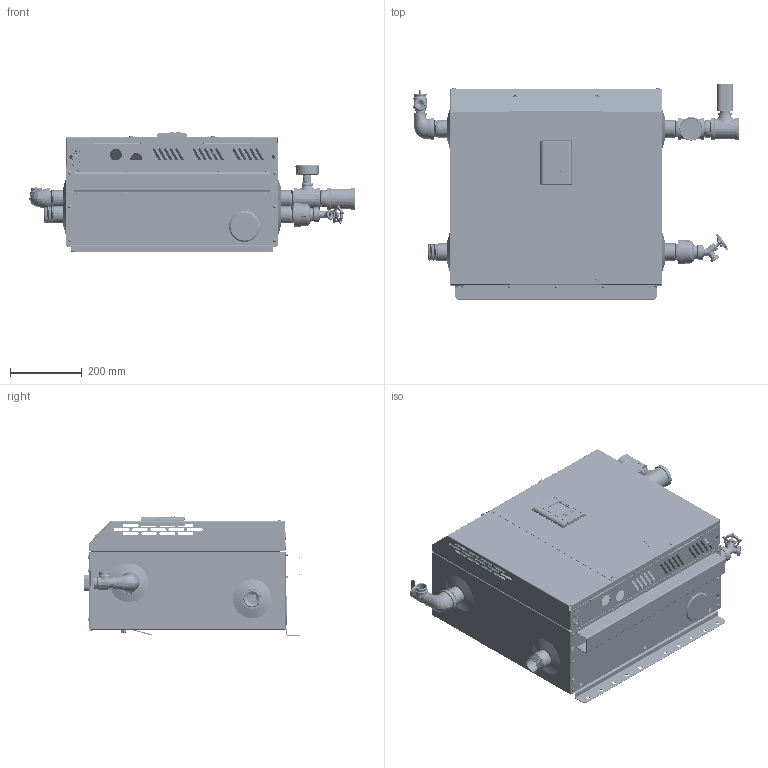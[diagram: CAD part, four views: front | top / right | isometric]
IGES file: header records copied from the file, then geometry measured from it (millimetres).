
Start section: SolidWorks IGES file using analytic representation for surfaces
Global section: file name: BTH ULTRA XL.IGS; native system: SolidWorks 2024; preprocessor: SolidWorks 2024; author: Luc; date: 240815.081901; units: inch
Bounding box: 904.88 x 601.97 x 332.14 mm (x, y, z)
Surface area: 4415148.6 mm2 (no closed solid volume)
Topology: 0 solids, 0 shells, 4620 faces, 82099 edges, 82027 vertices
Faces by surface type: revolution 2702, bspline 1918
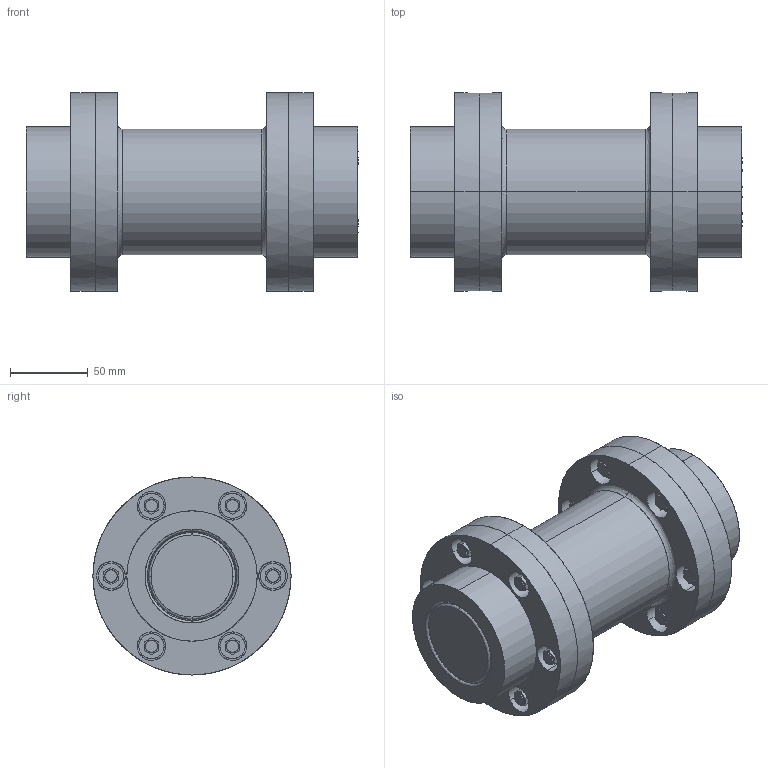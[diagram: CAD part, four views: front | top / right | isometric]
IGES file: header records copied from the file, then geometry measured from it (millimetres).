
Start section: SolidWorks IGES file using analytic representation for surfaces
Global section: file name: MO1_5B_07251536402437.igs; native system: SolidWorks 2017; preprocessor: SolidWorks 2017; author: partstream; date: 170725.153650; units: inch
Bounding box: 212.85 x 127 x 127 mm (x, y, z)
Surface area: 203545.7 mm2 (no closed solid volume)
Topology: 0 solids, 0 shells, 424 faces, 7020 edges, 7020 vertices
Faces by surface type: bspline 272, revolution 152
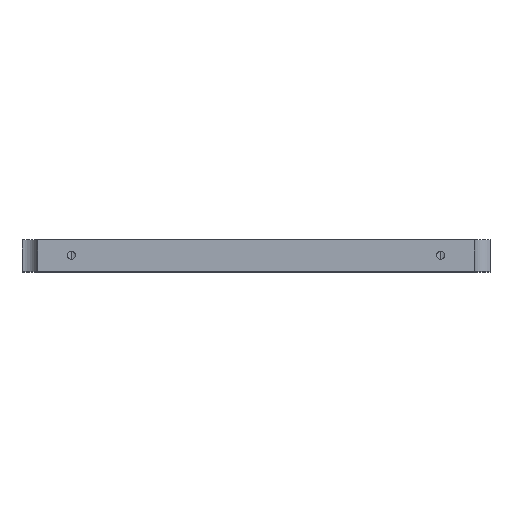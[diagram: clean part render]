
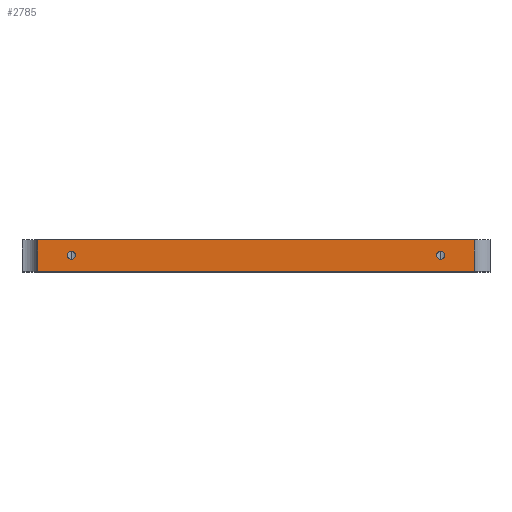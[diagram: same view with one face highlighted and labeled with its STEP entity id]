
A CAD part, top view. The second image highlights one B-rep face of the part: STEP entity #2785.
In plain terms, the highlighted planar face has unit normal (0, 0, 1).
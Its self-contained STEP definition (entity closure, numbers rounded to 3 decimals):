
#119 = DIRECTION ( 'NONE',  ( 0., 0., 1. ) ) ;
#121 = CARTESIAN_POINT ( 'NONE',  ( 43.825, 0., 45.24 ) ) ;
#158 = CARTESIAN_POINT ( 'NONE',  ( 43.825, 0., 45.24 ) ) ;
#209 = EDGE_CURVE ( 'NONE', #3358, #3592, #1022, .T. ) ;
#266 = EDGE_CURVE ( 'NONE', #886, #1582, #414, .T. ) ;
#267 = CARTESIAN_POINT ( 'NONE',  ( -37.875, 3.225, 45.24 ) ) ;
#282 = DIRECTION ( 'NONE',  ( 0., 0., 1. ) ) ;
#293 = VECTOR ( 'NONE', #2806, 1000. ) ;
#414 = LINE ( 'NONE', #2864, #836 ) ;
#479 = DIRECTION ( 'NONE',  ( 1., 0., 0. ) ) ;
#523 = LINE ( 'NONE', #1727, #1745 ) ;
#594 = DIRECTION ( 'NONE',  ( 0., 0., 1. ) ) ;
#655 = VERTEX_POINT ( 'NONE', #2240 ) ;
#724 = EDGE_LOOP ( 'NONE', ( #3651, #2984 ) ) ;
#836 = VECTOR ( 'NONE', #479, 1000. ) ;
#886 = VERTEX_POINT ( 'NONE', #1161 ) ;
#906 = DIRECTION ( 'NONE',  ( 1., 0., 0. ) ) ;
#945 = CARTESIAN_POINT ( 'NONE',  ( -37.075, 3.225, 45.24 ) ) ;
#1022 = CIRCLE ( 'NONE', #2856, 0.8 ) ;
#1035 = ORIENTED_EDGE ( 'NONE', *, *, #2501, .F. ) ;
#1053 = CARTESIAN_POINT ( 'NONE',  ( 37.075, 3.225, 45.24 ) ) ;
#1144 = PLANE ( 'NONE',  #3311 ) ;
#1161 = CARTESIAN_POINT ( 'NONE',  ( -43.825, 0., 45.24 ) ) ;
#1267 = EDGE_CURVE ( 'NONE', #2279, #2934, #3320, .T. ) ;
#1397 = DIRECTION ( 'NONE',  ( 0., 0., 1. ) ) ;
#1463 = FACE_BOUND ( 'NONE', #724, .T. ) ;
#1582 = VERTEX_POINT ( 'NONE', #158 ) ;
#1596 = CARTESIAN_POINT ( 'NONE',  ( 0., 6.35, 45.24 ) ) ;
#1615 = LINE ( 'NONE', #1596, #2739 ) ;
#1727 = CARTESIAN_POINT ( 'NONE',  ( -43.825, 0., 45.24 ) ) ;
#1745 = VECTOR ( 'NONE', #2949, 1000. ) ;
#1756 = FACE_OUTER_BOUND ( 'NONE', #1767, .T. ) ;
#1767 = EDGE_LOOP ( 'NONE', ( #3859, #1881, #2751, #3041 ) ) ;
#1881 = ORIENTED_EDGE ( 'NONE', *, *, #2457, .T. ) ;
#1993 = EDGE_LOOP ( 'NONE', ( #3335, #1035 ) ) ;
#2205 = CARTESIAN_POINT ( 'NONE',  ( -37.075, 3.225, 45.24 ) ) ;
#2240 = CARTESIAN_POINT ( 'NONE',  ( -43.825, 6.35, 45.24 ) ) ;
#2241 = CARTESIAN_POINT ( 'NONE',  ( 43.825, 6.35, 45.24 ) ) ;
#2279 = VERTEX_POINT ( 'NONE', #2830 ) ;
#2408 = CARTESIAN_POINT ( 'NONE',  ( 37.075, 3.225, 45.24 ) ) ;
#2457 = EDGE_CURVE ( 'NONE', #655, #886, #523, .T. ) ;
#2483 = LINE ( 'NONE', #121, #293 ) ;
#2501 = EDGE_CURVE ( 'NONE', #2934, #2279, #2754, .T. ) ;
#2598 = EDGE_CURVE ( 'NONE', #3592, #3358, #3506, .T. ) ;
#2656 = EDGE_CURVE ( 'NONE', #1582, #3432, #2483, .T. ) ;
#2739 = VECTOR ( 'NONE', #2801, 1000. ) ;
#2751 = ORIENTED_EDGE ( 'NONE', *, *, #266, .T. ) ;
#2754 = CIRCLE ( 'NONE', #3254, 0.8 ) ;
#2785 = ADVANCED_FACE ( 'NONE', ( #1463, #3581, #1756 ), #1144, .F. ) ;
#2801 = DIRECTION ( 'NONE',  ( 1., 0., 0. ) ) ;
#2806 = DIRECTION ( 'NONE',  ( 0., 1., 0. ) ) ;
#2830 = CARTESIAN_POINT ( 'NONE',  ( 37.875, 3.225, 45.24 ) ) ;
#2856 = AXIS2_PLACEMENT_3D ( 'NONE', #2205, #119, #3408 ) ;
#2864 = CARTESIAN_POINT ( 'NONE',  ( 0., 0., 45.24 ) ) ;
#2934 = VERTEX_POINT ( 'NONE', #3698 ) ;
#2940 = AXIS2_PLACEMENT_3D ( 'NONE', #945, #282, #3827 ) ;
#2949 = DIRECTION ( 'NONE',  ( 0., -1., 0. ) ) ;
#2958 = DIRECTION ( 'NONE',  ( 0., 0., -1. ) ) ;
#2984 = ORIENTED_EDGE ( 'NONE', *, *, #2598, .F. ) ;
#3013 = CARTESIAN_POINT ( 'NONE',  ( 0., 6.35, 45.24 ) ) ;
#3041 = ORIENTED_EDGE ( 'NONE', *, *, #2656, .T. ) ;
#3254 = AXIS2_PLACEMENT_3D ( 'NONE', #2408, #594, #906 ) ;
#3311 = AXIS2_PLACEMENT_3D ( 'NONE', #3013, #2958, #3881 ) ;
#3320 = CIRCLE ( 'NONE', #3697, 0.8 ) ;
#3335 = ORIENTED_EDGE ( 'NONE', *, *, #1267, .F. ) ;
#3358 = VERTEX_POINT ( 'NONE', #3641 ) ;
#3408 = DIRECTION ( 'NONE',  ( 1., 0., 0. ) ) ;
#3432 = VERTEX_POINT ( 'NONE', #2241 ) ;
#3458 = DIRECTION ( 'NONE',  ( 1., 0., 0. ) ) ;
#3482 = EDGE_CURVE ( 'NONE', #655, #3432, #1615, .T. ) ;
#3506 = CIRCLE ( 'NONE', #2940, 0.8 ) ;
#3581 = FACE_BOUND ( 'NONE', #1993, .T. ) ;
#3592 = VERTEX_POINT ( 'NONE', #267 ) ;
#3641 = CARTESIAN_POINT ( 'NONE',  ( -36.275, 3.225, 45.24 ) ) ;
#3651 = ORIENTED_EDGE ( 'NONE', *, *, #209, .F. ) ;
#3697 = AXIS2_PLACEMENT_3D ( 'NONE', #1053, #1397, #3458 ) ;
#3698 = CARTESIAN_POINT ( 'NONE',  ( 36.275, 3.225, 45.24 ) ) ;
#3827 = DIRECTION ( 'NONE',  ( 1., 0., 0. ) ) ;
#3859 = ORIENTED_EDGE ( 'NONE', *, *, #3482, .F. ) ;
#3881 = DIRECTION ( 'NONE',  ( -1., 0., 0. ) ) ;
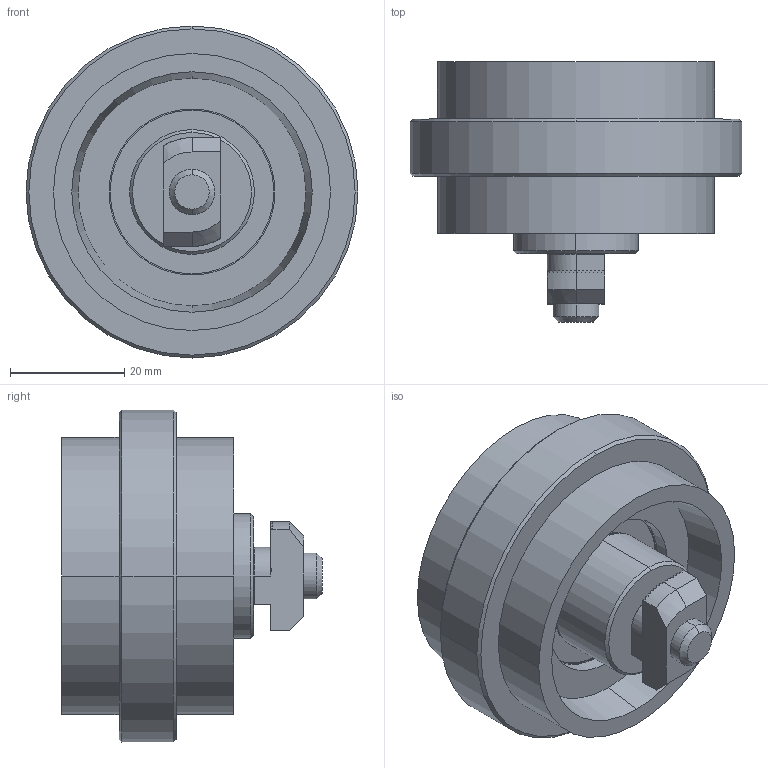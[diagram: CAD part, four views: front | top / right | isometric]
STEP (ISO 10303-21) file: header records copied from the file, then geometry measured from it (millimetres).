
FILE_DESCRIPTION (( 'STEP AP203' ), '1' );
FILE_NAME ('413218940_c_1.STEP', '2022-08-10T06:25:02', ( '' ), ( '' ), 'SwSTEP 2.0', 'SolidWorks 2014', '' );
FILE_SCHEMA (( 'CONFIG_CONTROL_DESIGN' ));
Length unit declared in the file: millimetre
Products named in the file (1): 413218940_c_1
Bounding box: 58 x 45.5 x 58 mm (x, y, z)
Volume: 47517.4 mm3; surface area: 19244.5 mm2
Topology: 1 solids, 5 shells, 266 faces, 763 edges, 481 vertices
Faces by surface type: plane 130, bspline 52, cylinder 52, cone 32
Entity records: 9734 total; most frequent: CARTESIAN_POINT 3199, ORIENTED_EDGE 1470, DIRECTION 1266, EDGE_CURVE 735, VERTEX_POINT 481, AXIS2_PLACEMENT_3D 480, VECTOR 306, LINE 306
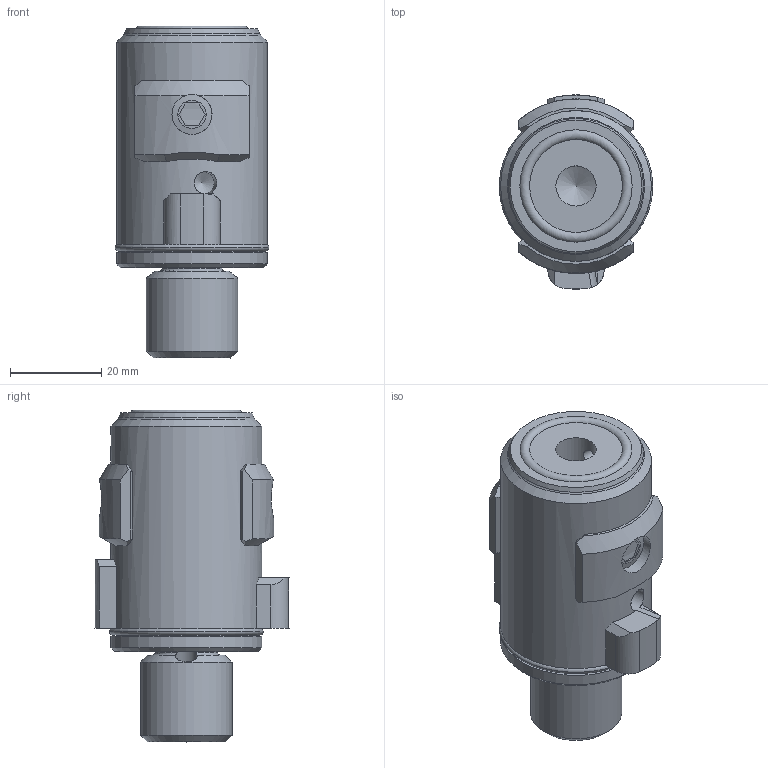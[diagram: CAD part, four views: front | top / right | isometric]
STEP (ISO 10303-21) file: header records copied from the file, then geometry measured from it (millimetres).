
FILE_DESCRIPTION(/* description */ ('Alibre Inc.'),/* implementation_level */ '2;1');
FILE_NAME(/* name */ 'export-8A67205F-E1BF-46D7-A407-33F56C2822CA',/* time_stamp */ '2023-12-28T14:40:34+01:00',/* author */ (''),/* organization */ (''),/* preprocessor_version */ 'ST-DEVELOPER v17',/* originating_system */ 'Alibre',/* authorisation */ '');
FILE_SCHEMA (('AUTOMOTIVE_DESIGN'));
Length unit declared in the file: millimetre
Products named in the file (3): _
Bounding box: 33.62 x 42.48 x 72.65 mm (x, y, z)
Volume: 53036.8 mm3; surface area: 13989.5 mm2
Topology: 2 solids, 3 shells, 128 faces, 362 edges, 239 vertices
Faces by surface type: plane 53, cone 35, cylinder 33, torus 7
Full cylindrical faces by diameter (mm): 3.5 x2, 5 x5, 8 x1, 8.782 x2, 8.8 x1, 13.7 x1, 15 x1, 20 x1, 30.6 x2, 33 x2
Entity records: 4671 total; most frequent: CARTESIAN_POINT 1488, ORIENTED_EDGE 708, DIRECTION 573, EDGE_CURVE 354, AXIS2_PLACEMENT_3D 257, VERTEX_POINT 239, FACE_BOUND 145, EDGE_LOOP 144

_ _ _ _

▶ _About this exercise_: What you give back should be exactly the lines of the data above from the line with "#282 = DIRECTION" through the line with "#836 = VECTOR ( 'NONE', #479, 1000. ) ;", both of those included, and nothing more.

▶ _Exercise result_:
#282 = DIRECTION ( 'NONE',  ( 0., 0., 1. ) ) ;
#293 = VECTOR ( 'NONE', #2806, 1000. ) ;
#414 = LINE ( 'NONE', #2864, #836 ) ;
#479 = DIRECTION ( 'NONE',  ( 1., 0., 0. ) ) ;
#523 = LINE ( 'NONE', #1727, #1745 ) ;
#594 = DIRECTION ( 'NONE',  ( 0., 0., 1. ) ) ;
#655 = VERTEX_POINT ( 'NONE', #2240 ) ;
#724 = EDGE_LOOP ( 'NONE', ( #3651, #2984 ) ) ;
#836 = VECTOR ( 'NONE', #479, 1000. ) ;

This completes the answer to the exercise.